[TASK INPUTS]

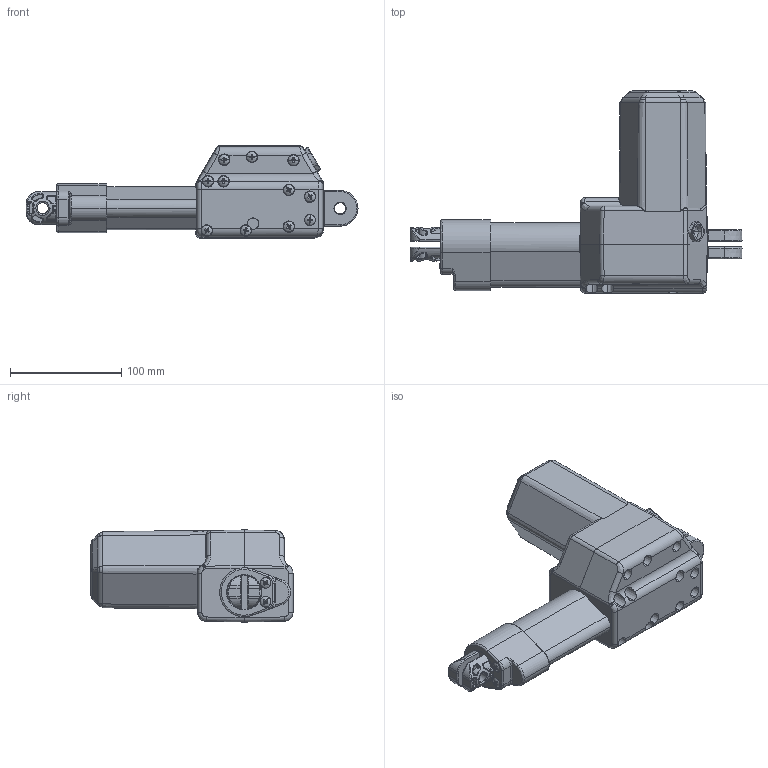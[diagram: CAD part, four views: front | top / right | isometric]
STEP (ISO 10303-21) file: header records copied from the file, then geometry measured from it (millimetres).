
FILE_DESCRIPTION (( 'STEP AP203' ), '1' );
FILE_NAME ('Deltadrive.STEP', '2012-12-20T11:16:01', ( 'admin' ), ( 'Hewlett-Packard Company' ), 'SwSTEP 2.0', 'SolidWorks 2012', '' );
FILE_SCHEMA (( 'CONFIG_CONTROL_DESIGN' ));
Length unit declared in the file: millimetre
Products named in the file (1): Deltadrive
Bounding box: 299.08 x 182 x 83 mm (x, y, z)
Volume: 1337003.9 mm3; surface area: 106781.6 mm2
Topology: 1 solids, 1 shells, 1187 faces, 2985 edges, 1815 vertices
Faces by surface type: plane 366, cylinder 315, bspline 285, cone 111, torus 78, sphere 32
Entity records: 48150 total; most frequent: CARTESIAN_POINT 22147, ORIENTED_EDGE 5904, DIRECTION 4938, EDGE_CURVE 2952, AXIS2_PLACEMENT_3D 1904, VERTEX_POINT 1815, EDGE_LOOP 1243, FACE_OUTER_BOUND 1187

[/TASK INPUTS]

> **ABOUT THIS EXERCISE**: All of the material is to be reproduced verbatim, pictures excluded.

> **RESPONSE**:
[diagram: CAD part, four views: front | top / right | isometric]
STEP (ISO 10303-21) file: header records copied from the file, then geometry measured from it (millimetres).
FILE_DESCRIPTION (( 'STEP AP203' ), '1' );
FILE_NAME ('Deltadrive.STEP', '2012-12-20T11:16:01', ( 'admin' ), ( 'Hewlett-Packard Company' ), 'SwSTEP 2.0', 'SolidWorks 2012', '' );
FILE_SCHEMA (( 'CONFIG_CONTROL_DESIGN' ));
Length unit declared in the file: millimetre
Products named in the file (1): Deltadrive
Bounding box: 299.08 x 182 x 83 mm (x, y, z)
Volume: 1337003.9 mm3; surface area: 106781.6 mm2
Topology: 1 solids, 1 shells, 1187 faces, 2985 edges, 1815 vertices
Faces by surface type: plane 366, cylinder 315, bspline 285, cone 111, torus 78, sphere 32
Entity records: 48150 total; most frequent: CARTESIAN_POINT 22147, ORIENTED_EDGE 5904, DIRECTION 4938, EDGE_CURVE 2952, AXIS2_PLACEMENT_3D 1904, VERTEX_POINT 1815, EDGE_LOOP 1243, FACE_OUTER_BOUND 1187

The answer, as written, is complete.